Data extract ::
>>>
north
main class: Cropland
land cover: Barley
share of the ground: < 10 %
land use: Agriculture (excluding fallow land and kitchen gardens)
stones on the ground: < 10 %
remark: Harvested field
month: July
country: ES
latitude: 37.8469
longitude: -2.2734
<<<
>>>
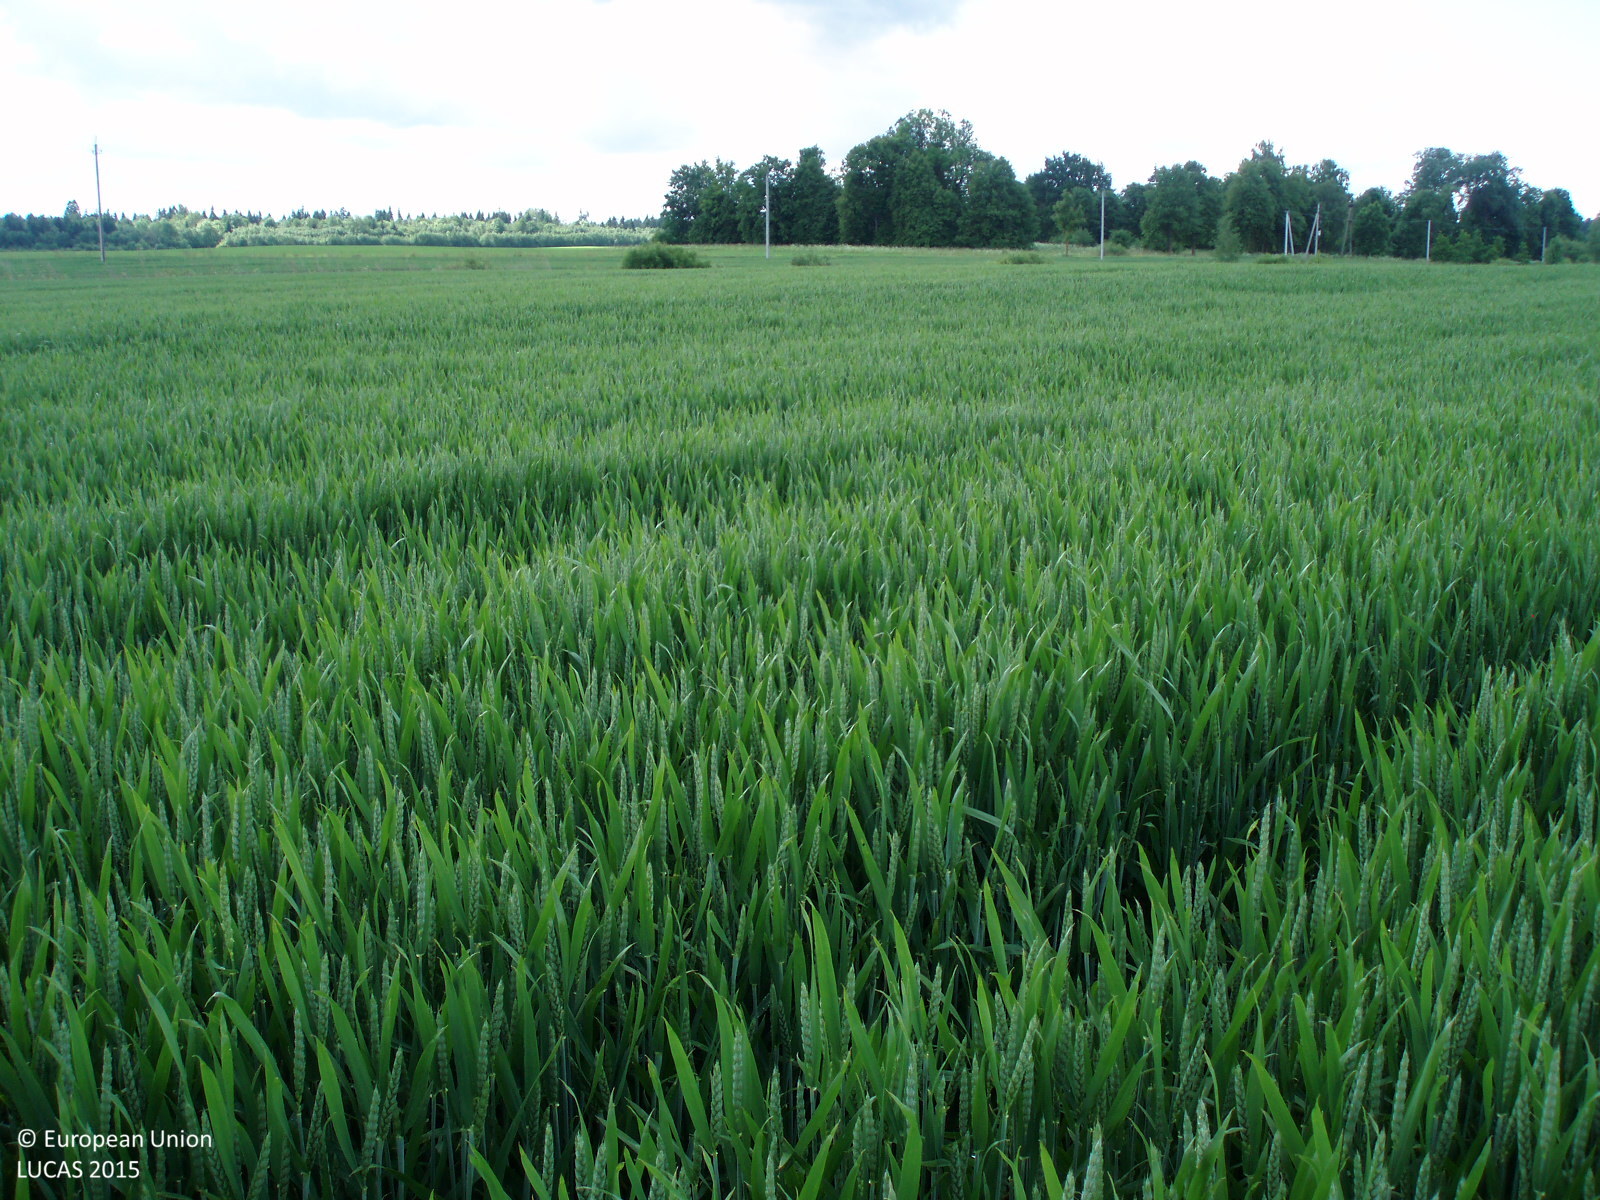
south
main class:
<<<
Work instruction ::
Starting at the line above that contains "land cover: Barley", repeat each line exactly up to and including the line that contains "longitude: -2.2734", and stop there.

Task result ::
land cover: Barley
share of the ground: < 10 %
land use: Agriculture (excluding fallow land and kitchen gardens)
stones on the ground: < 10 %
remark: Harvested field
month: July
country: ES
latitude: 37.8469
longitude: -2.2734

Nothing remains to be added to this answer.